Aryeh Deri Faces Test of Leadership as Shas Loses Status, but Not Seats
The ultra-Orthodox party didn't suffer a Likud-esque meltdown, but its place in the new coalition is far from certain.
The sounds emerging Tuesday night from Shas’ headquarters in Jerusalem were mostly sighs of relief rather than shouts of joy. Although the election results being beamed into the events hall showed some sense of achievement for the party – 11 seats, the same as in 2009 - that achievement’s significance remains unclear.
- Anshel Pfeffer / Ten Election Insights
- Election Results: Insights and Oddities
- LIVE BLOG: Israel Elections 2013, the Day After
- Could Lapid Become Prime Minister?
Shas, which even by the lowest estimate has retained its strength, should be grateful for its good luck. It managed to ride out the numerous troubles that beset it in recent months, both internally and externally. These troubles threatened destruction.
They also threatened to make coleader Aryeh Deri the disappointment of the decade, after activists on the ground and journalists had waited for his return to the party. (Deri reassumed the leadership in October 2012, after spending some 13 years in the political wilderness following a bribe-taking conviction in 2000.)
However, these nightmare scenarios never came true. Shas was saved from collapse, but only after its toughest election campaign ever.
The first to be heard sighing with relief is, of course, Deri himself, on whose back the campaign took place. The seats he earned the party Tuesday are his gift to the continuation of Shas’ leadership. Deri, together with his supporters and rivals, saw the election campaign as a personal test for him, under conditions that grew more and more difficult as Election Day approached.
Deri did not achieve his spectacular accomplishment of 1999 - 17 seats. Nor did he keep the promise he made to activists just three months ago, to bring the party 15 seats this time. But he seems to have been saved from humiliation, even if the line between a medal and a demotion seems fairly fine.
While 11 seats preserve the party’s strength, the number means that Deri did not increase Shas’ parliamentary power. He cannot claim success - certainly not within the party - and it is likely his struggles with Eli Yishai and Ariel Atias over the party leadership will begin anew. Twelve or 13 seats would have been a different story.
To those on the outside, Shas officially ended Election Day with a declaration of victory, projecting the message that there is no way it will be left out of the coalition. Party spokesmen reported that Rabbi Ovadia Yosef, the party’s spiritual leader – who was at the center of this campaign far more than at any time in the past – was content and had returned to his studies. Now he expects to receive reports about a telephone call from Prime Minister Benjamin Netanyahu or whoever else will be forming the next coalition.
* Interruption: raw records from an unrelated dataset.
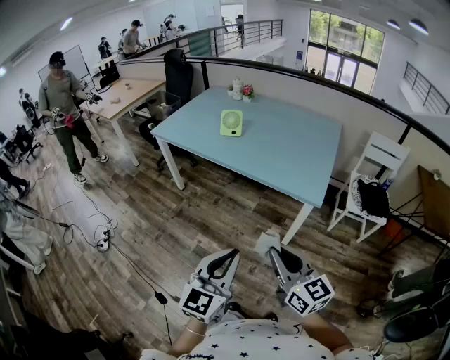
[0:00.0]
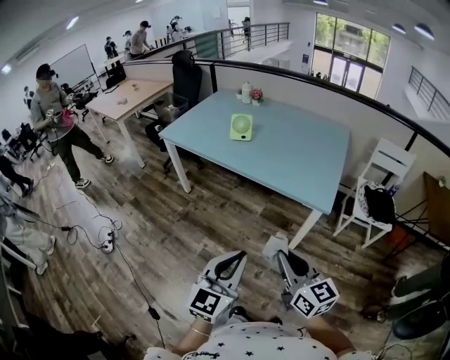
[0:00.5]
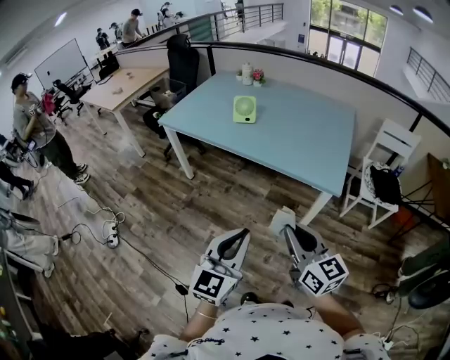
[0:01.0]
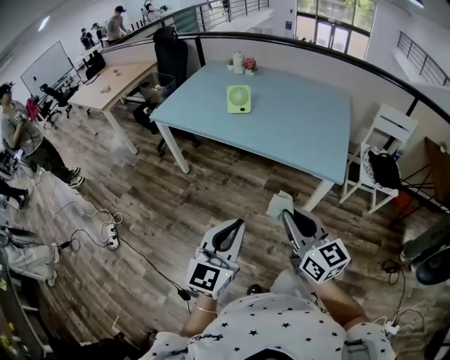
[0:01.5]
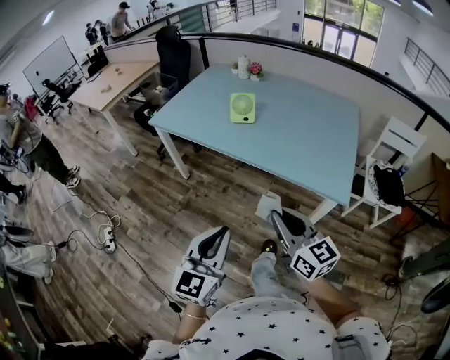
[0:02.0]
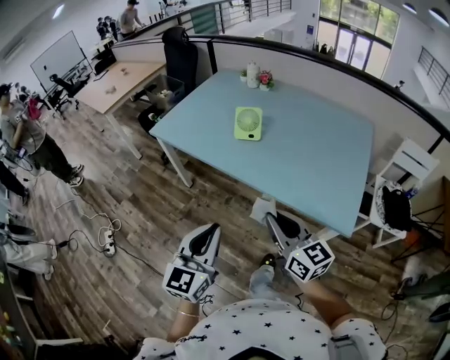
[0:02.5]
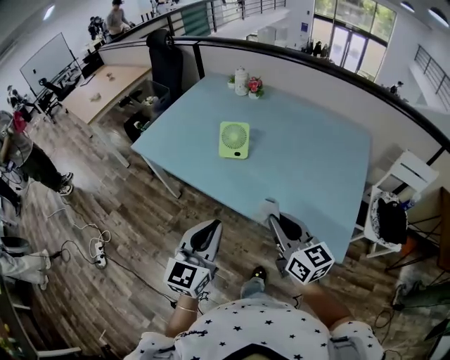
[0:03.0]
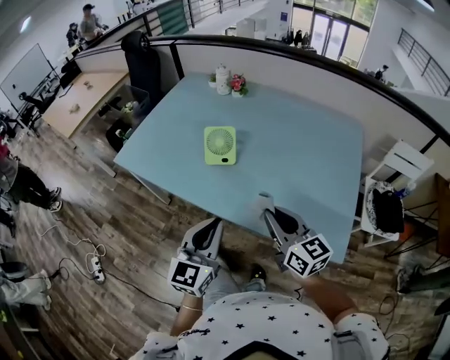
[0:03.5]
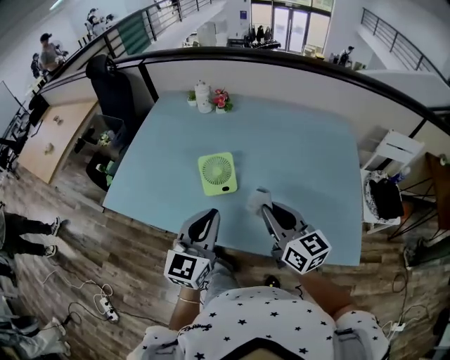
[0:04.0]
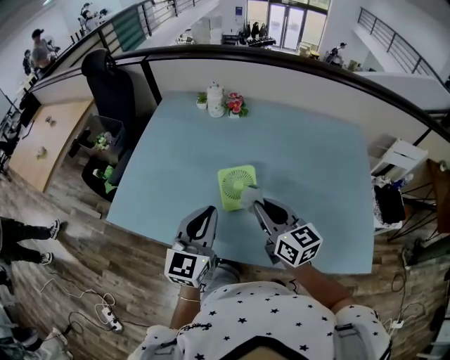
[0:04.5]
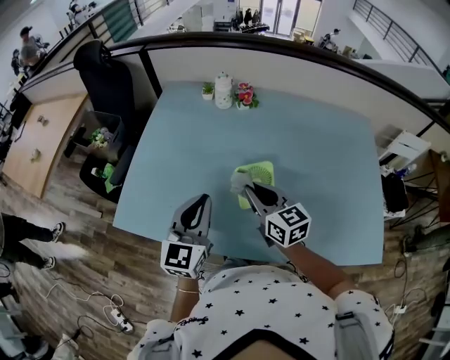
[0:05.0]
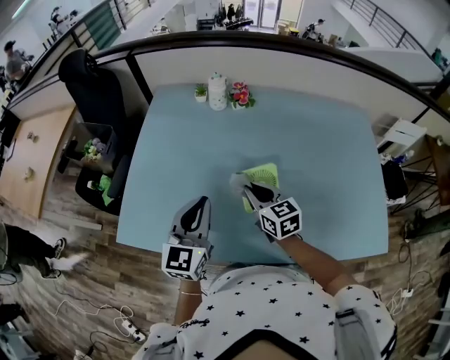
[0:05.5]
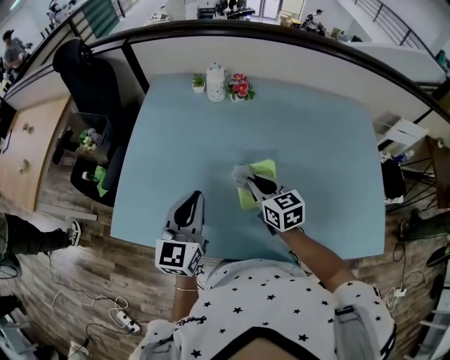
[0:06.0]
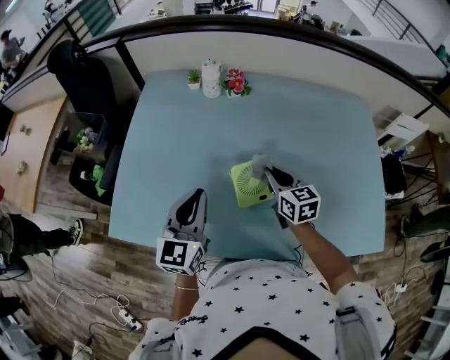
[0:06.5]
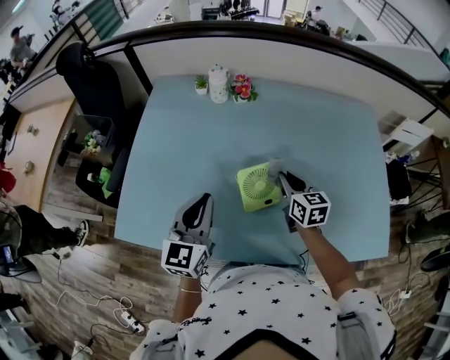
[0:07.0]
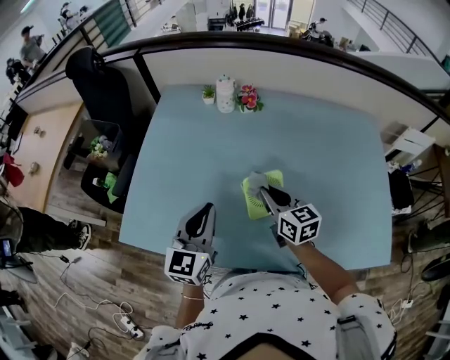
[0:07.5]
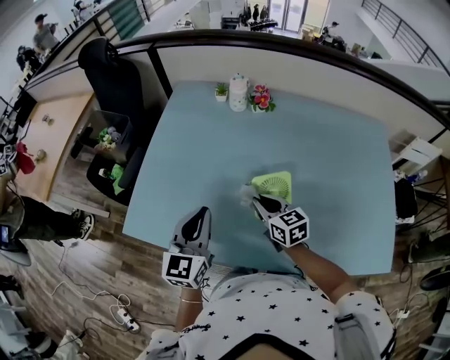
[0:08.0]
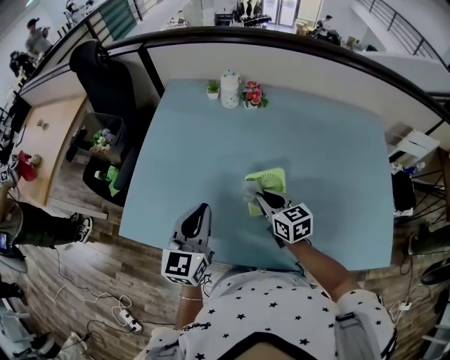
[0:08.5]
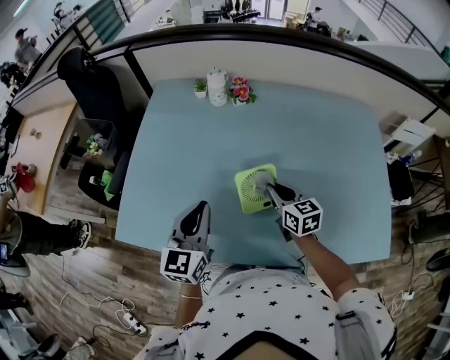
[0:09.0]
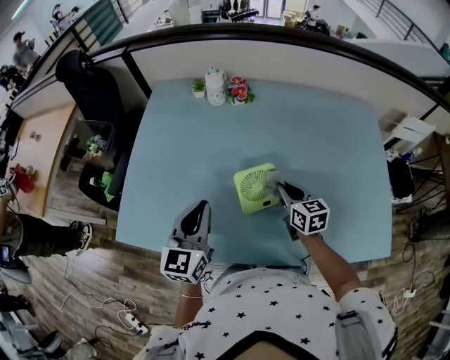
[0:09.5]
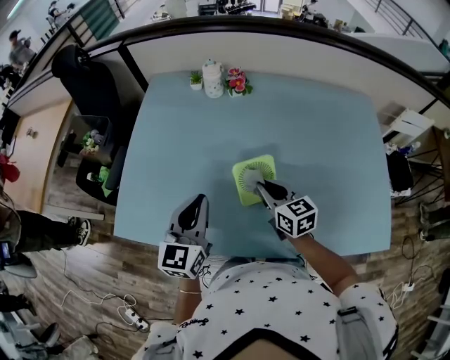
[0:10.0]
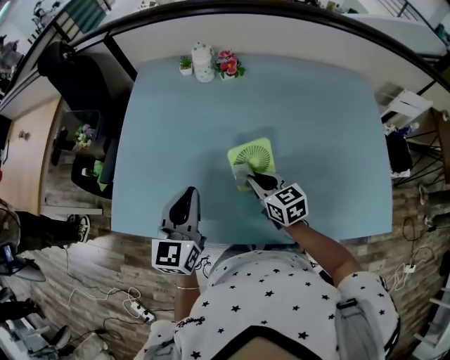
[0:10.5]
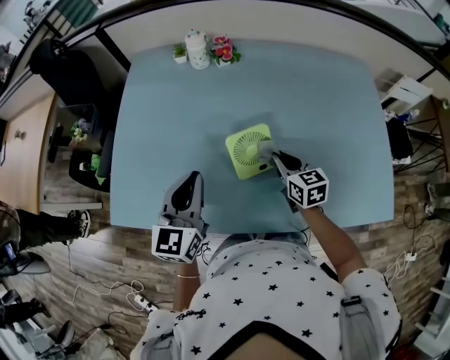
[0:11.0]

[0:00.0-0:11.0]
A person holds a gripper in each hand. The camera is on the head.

But this election showed something deeper about the place of Shas and Rabbi Ovadia Yosef in Israeli politics and society. Parties from all over the spectrum – including Likud, supposedly its natural partner – saw Shas as a fitting target for attacks, and perhaps for humiliation too.
The hall where Shas’ victory celebration was held Tuesday was decorated with political posters bearing the slogan “I seek my brothers” (an allusion to the line in Genesis 37:16: "I seek my brethren").
In the latest election campaign, Shas showed that its brother is actually Naftali Bennett and his Habayit Hayehudi party. Also, a few of its siblings fled to three parties that appear not to have passed the electoral threshold: Rabbi Amnon Yitzhak’s Koah Lehashpia; Rabbi Chaim Amsellem’s Am Shalem; and Aryeh Eldad’s Otzma Leyisrael.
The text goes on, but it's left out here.